------ Data for this exercise ------
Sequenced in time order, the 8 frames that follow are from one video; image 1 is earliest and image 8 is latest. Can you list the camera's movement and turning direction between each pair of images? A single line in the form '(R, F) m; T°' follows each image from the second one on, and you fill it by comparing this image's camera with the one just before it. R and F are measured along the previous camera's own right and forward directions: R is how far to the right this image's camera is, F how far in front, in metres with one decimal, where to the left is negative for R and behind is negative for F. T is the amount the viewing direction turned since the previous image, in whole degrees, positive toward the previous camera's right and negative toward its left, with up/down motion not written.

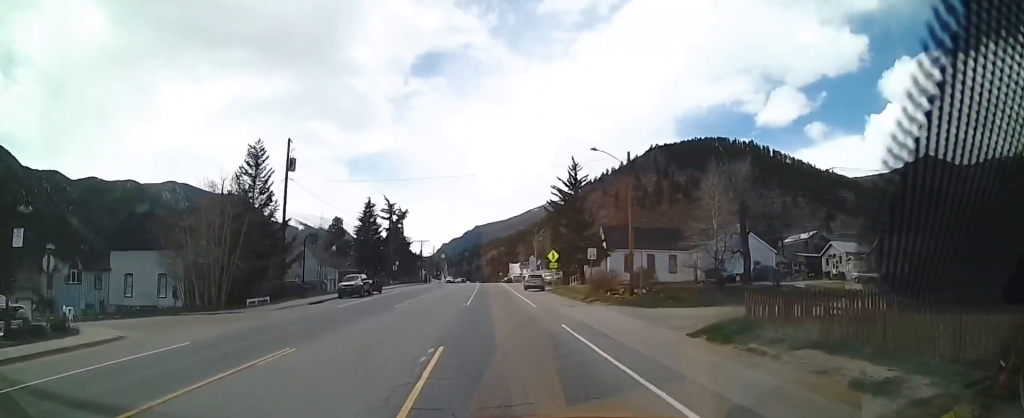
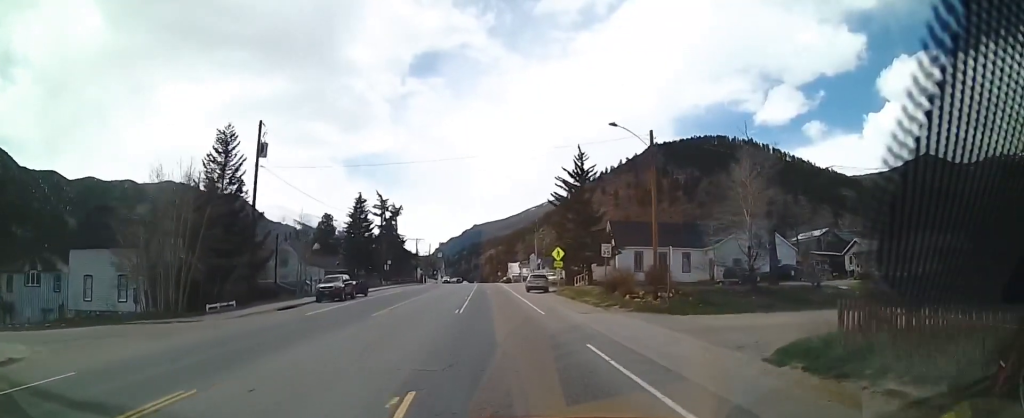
(0.0, +5.3) m; 0°
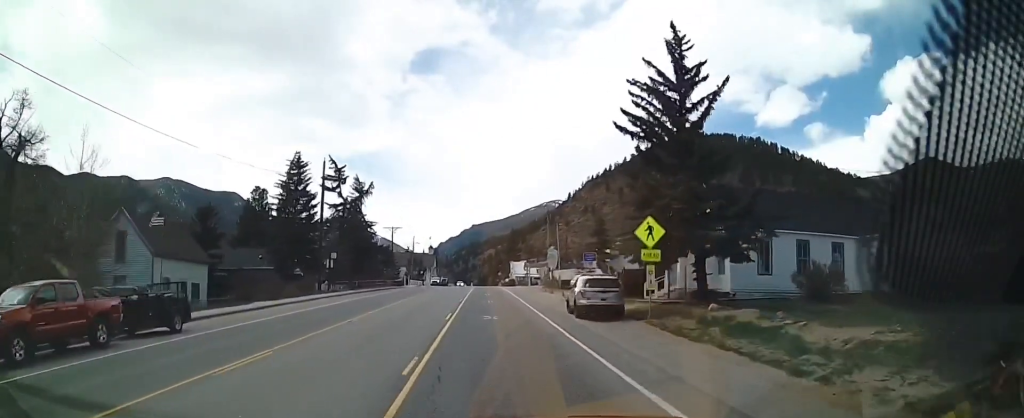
(-0.1, +28.7) m; 0°
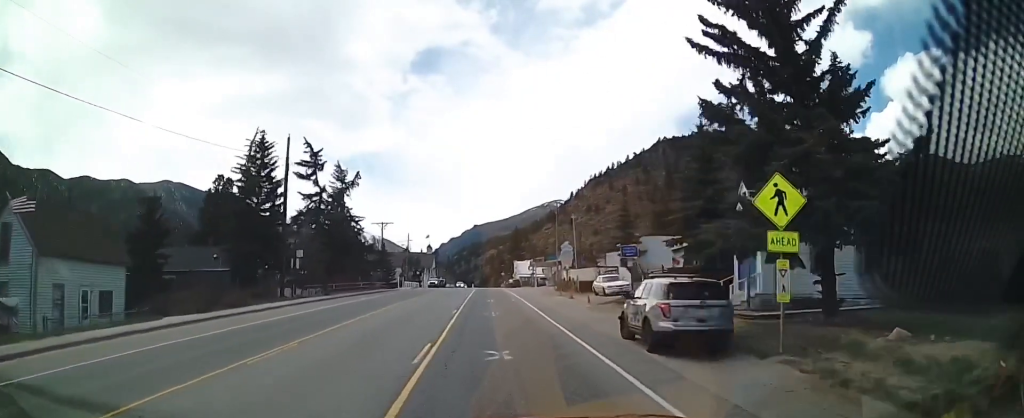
(0.0, +10.2) m; 0°
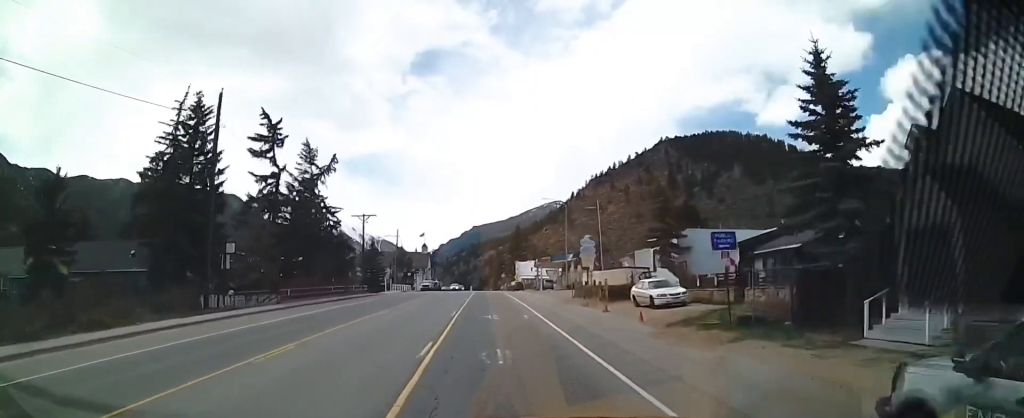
(0.0, +11.9) m; 0°
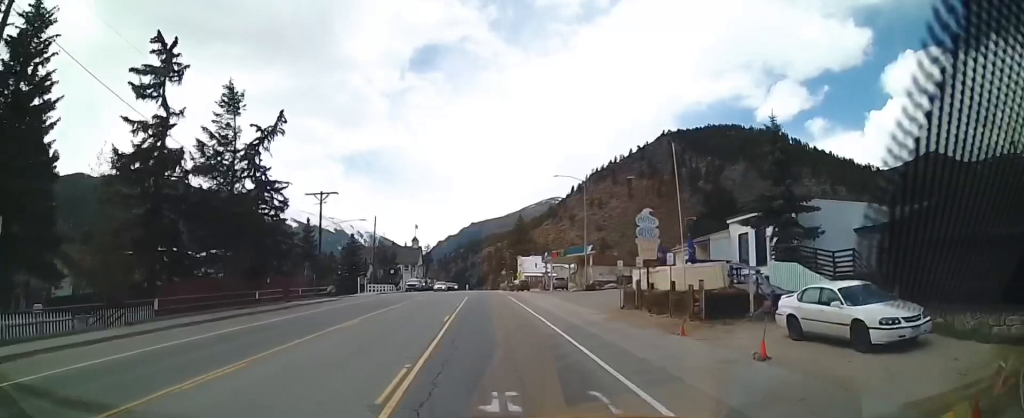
(+0.1, +17.4) m; 0°
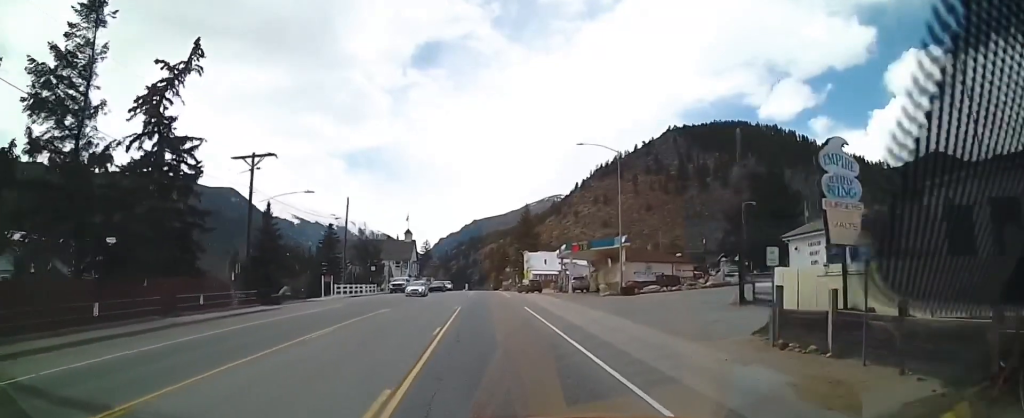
(-0.1, +16.2) m; 0°
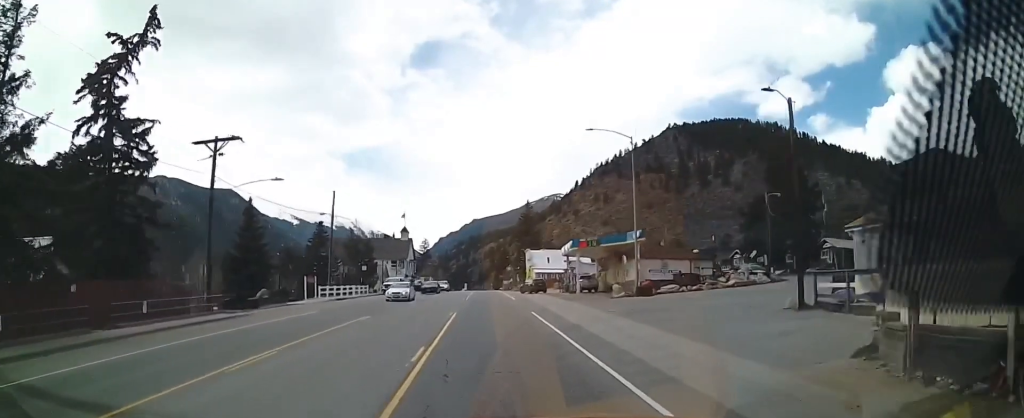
(0.0, +5.3) m; 0°
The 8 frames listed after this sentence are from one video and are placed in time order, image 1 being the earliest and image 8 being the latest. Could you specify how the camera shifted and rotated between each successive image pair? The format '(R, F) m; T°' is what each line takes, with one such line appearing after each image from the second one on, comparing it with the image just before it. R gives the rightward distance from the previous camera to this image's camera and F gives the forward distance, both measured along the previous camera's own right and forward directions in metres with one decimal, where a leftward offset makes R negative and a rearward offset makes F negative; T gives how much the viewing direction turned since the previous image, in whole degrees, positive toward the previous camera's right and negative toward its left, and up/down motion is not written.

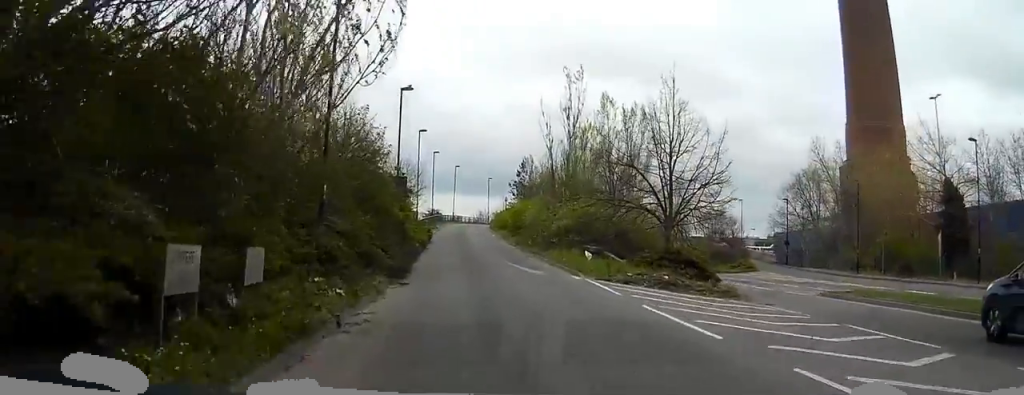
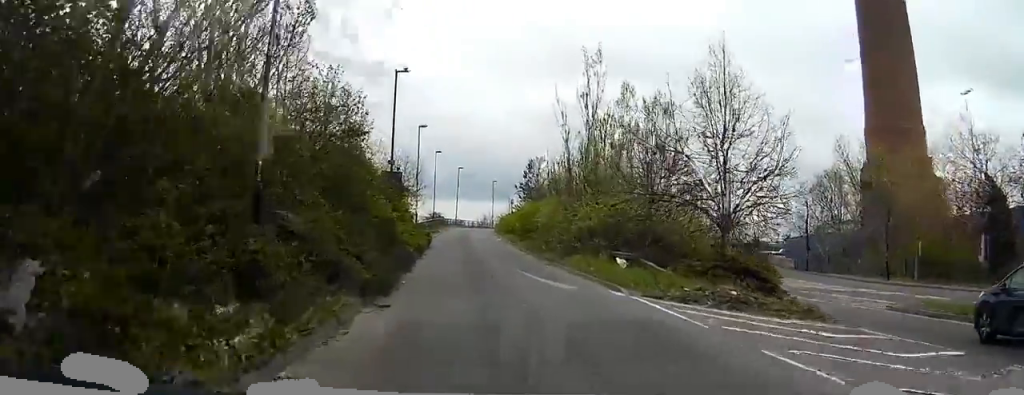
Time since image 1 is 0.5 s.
(-0.1, +5.4) m; -1°
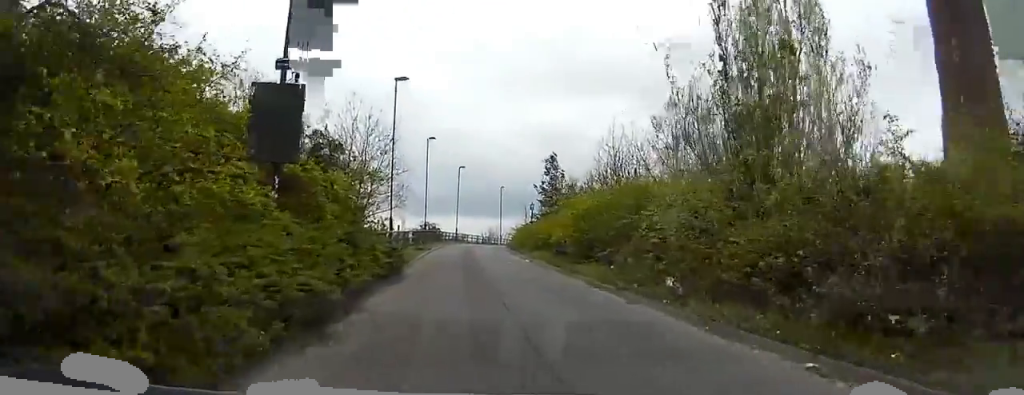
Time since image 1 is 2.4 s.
(-0.9, +21.3) m; -3°
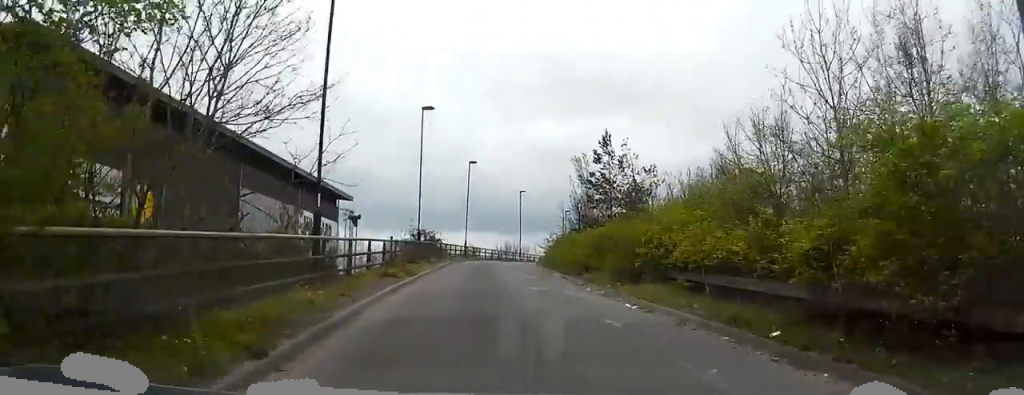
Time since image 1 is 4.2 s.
(+0.3, +19.6) m; +2°
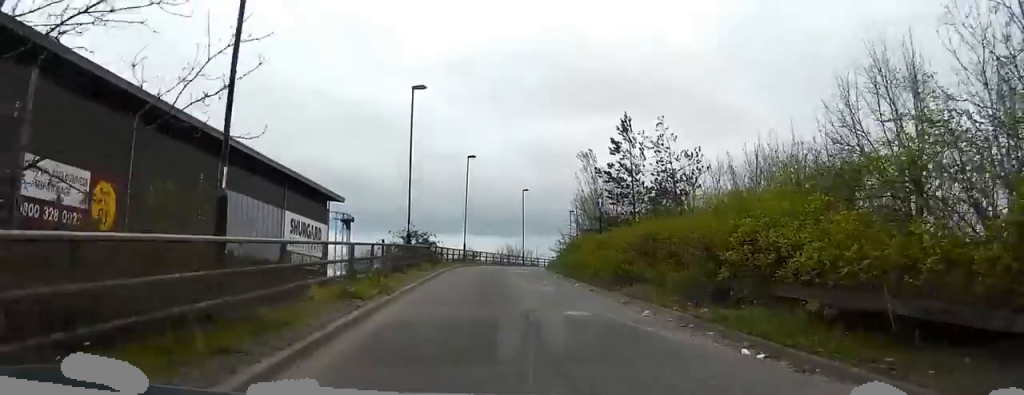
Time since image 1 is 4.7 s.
(0.0, +6.3) m; 0°
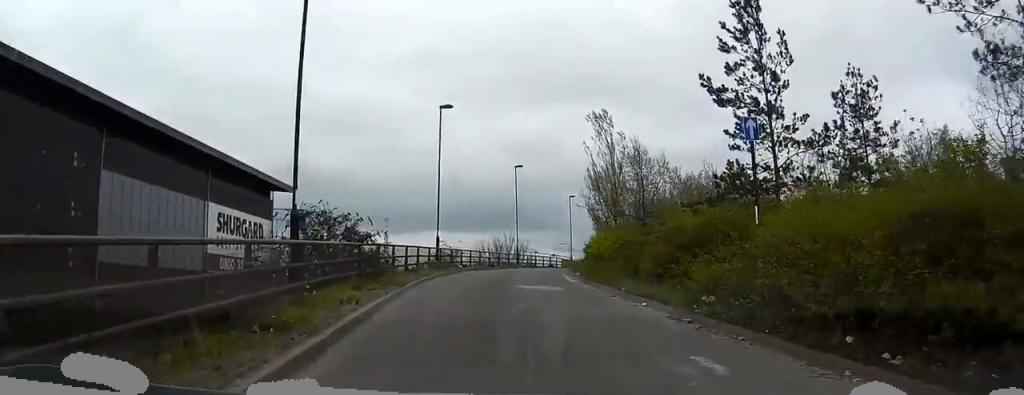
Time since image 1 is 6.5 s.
(+0.2, +19.2) m; +2°
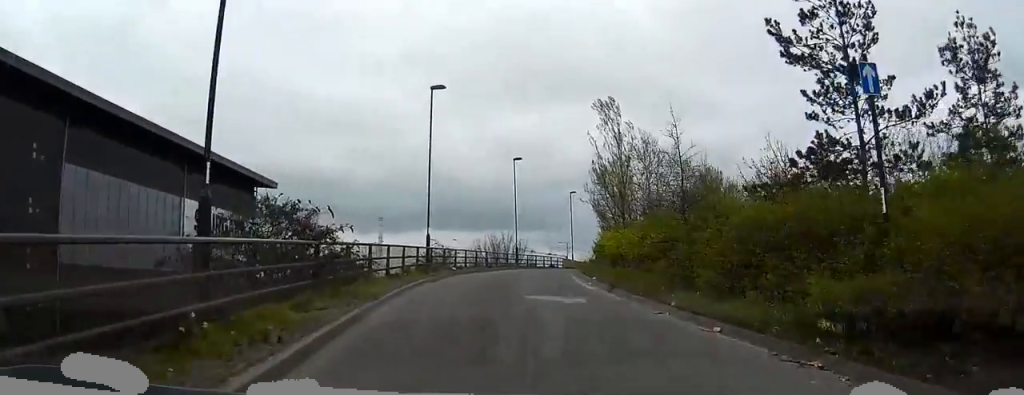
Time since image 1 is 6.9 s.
(+0.1, +4.6) m; +1°
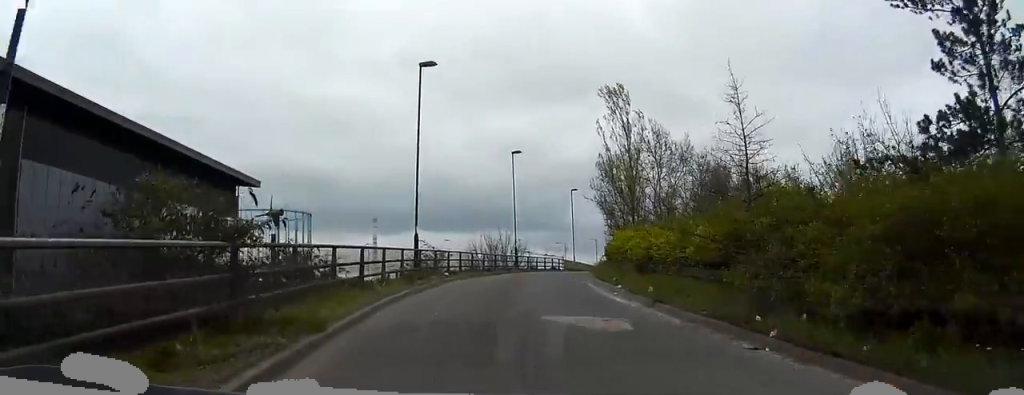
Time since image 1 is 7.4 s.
(0.0, +4.6) m; +1°
------
Task instructions -> Give the records again exactly as they stand, so that only the pictures are missing.

Result of the task ->
Sequenced in time order, the 8 frames that follow are from one video; image 1 is earliest and image 8 is latest. Can you list the camera's movement and turning direction between each pair of images? A single line in the form '(R, F) m; T°' follows each image from the second one on, and you fill it by comparing this image's camera with the one just before it. R and F are measured along the previous camera's own right and forward directions: R is how far to the right this image's camera is, F how far in front, in metres with one decimal, where to the left is negative for R and behind is negative for F. T is the amount the viewing direction turned since the previous image, in whole degrees, positive toward the previous camera's right and negative toward its left, with up/down motion not written.

(0.0, +5.3) m; 0°
(-0.1, +28.7) m; 0°
(0.0, +10.2) m; 0°
(0.0, +11.9) m; 0°
(+0.1, +17.4) m; 0°
(-0.1, +16.2) m; 0°
(0.0, +5.3) m; 0°
The 8 frames listed after this sentence are from one video and are placed in time order, image 1 being the earliest and image 8 being the latest. Could you specify how the camera shifted and rotated between each successive image pair? The format '(R, F) m; T°' is what each line takes, with one such line appearing after each image from the second one on, comparing it with the image just before it. R gives the rightward distance from the previous camera to this image's camera and F gives the forward distance, both measured along the previous camera's own right and forward directions in metres with one decimal, where a leftward offset makes R negative and a rearward offset makes F negative; T gives how much the viewing direction turned since the previous image, in whole degrees, positive toward the previous camera's right and negative toward its left, and up/down motion is not written.

Time since image 1 is 0.5 s.
(-0.1, +5.4) m; -1°
Time since image 1 is 2.4 s.
(-0.9, +21.3) m; -3°
Time since image 1 is 4.2 s.
(+0.3, +19.6) m; +2°
Time since image 1 is 4.7 s.
(0.0, +6.3) m; 0°
Time since image 1 is 6.5 s.
(+0.2, +19.2) m; +2°
Time since image 1 is 6.9 s.
(+0.1, +4.6) m; +1°
Time since image 1 is 7.4 s.
(0.0, +4.6) m; +1°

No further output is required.